My daughter Grace and I were driving to school yesterday, discussing the idea that if she did her part to catch up in English, as he promised Mr. Proctor would meet her halfway--the concept of grace itself. I was grateful for her attitude but hadn't even realized the connection between her name and the idea as it pertains to her education. In the afternoon, I was required to dig down deep and call upon the universe to provide a measure of grace on my own behalf.
I got a parking ticket a few days ago, due to an expired registration sticker. But I never received a notice in the mail and do not make it a habit to look at my own license plate; I had no idea. I stayed on hold for 22 minutes and 43 seconds calling the DMV on Monday afternoon to find out what the problem was and how to get it resolved. At 5:08 p.m. the call automatically dropped, they had now closed. Knowing this would be an unpleasant experience (how can a trip to the DMV be anything more), I geared up with some Dove chocolate and headed down the expressway on Tuesday afternoon.

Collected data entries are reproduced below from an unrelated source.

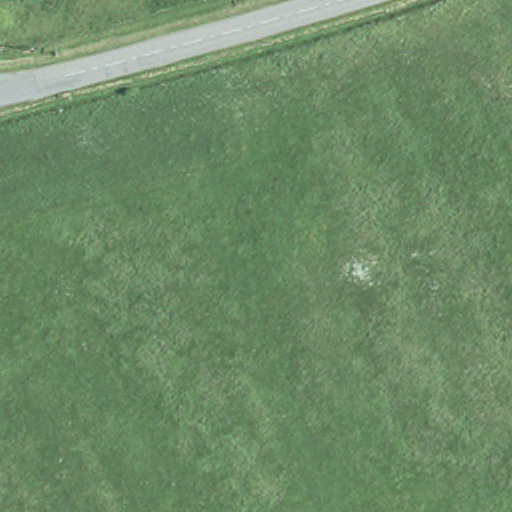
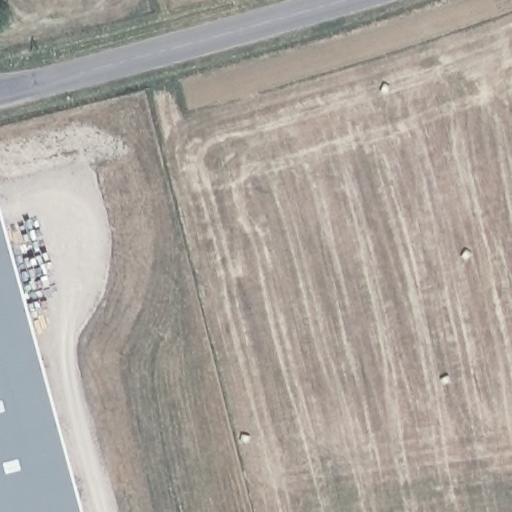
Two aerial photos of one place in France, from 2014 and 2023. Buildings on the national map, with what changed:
new [(0,211),(82,512),(0,512),(0,211)]

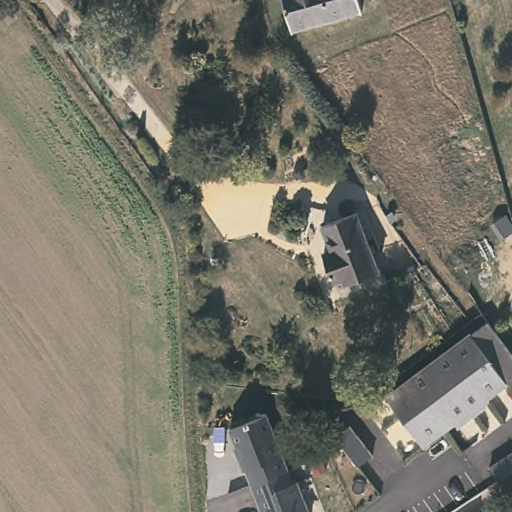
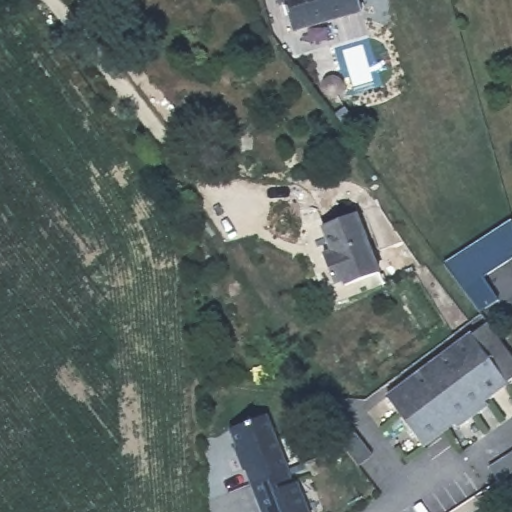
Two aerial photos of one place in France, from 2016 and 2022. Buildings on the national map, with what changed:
unchanged [(366,11),(298,31),(287,0),(363,0),(366,11)]
unchanged [(376,274),(342,281),(337,271),(330,273),(323,242),(332,241),(327,218),(363,211),(376,274)]
new [(511,219),(512,225),(512,257),(482,276),(497,299),(478,312),(442,263),(511,219)]
unchanged [(512,352),(512,379),(486,398),(491,404),(460,427),(456,421),(425,442),(391,396),(491,323),(512,352)]
unchanged [(269,413),(309,512),(261,512),(228,429),(269,413)]
unchanged [(367,446),(375,457),(370,462),(368,463),(360,452),(346,433),(347,431),(352,427),(367,446)]
unchanged [(497,474),(489,461),(512,446),(512,465),(497,474)]

Just as I had anticipated, at 3:30 p.m. I walked into a scene from Armageddon. Lines, crowds, desperate and frowning people with no place to sit. Luckily I had taken my work bag inside with five ski magazines that I had intended to read on the plane last week but never did. I heard the loudspeaker, "Now serving number A230." My number: B318. What does that mean? I used my cell phone to let everyone know that I would be very late, and squeezed myself into a single plastic chair near the "Now Serving" display. For an hour, I read my ski magazines and put myself into the "happy place" that Happy Gilmore describes.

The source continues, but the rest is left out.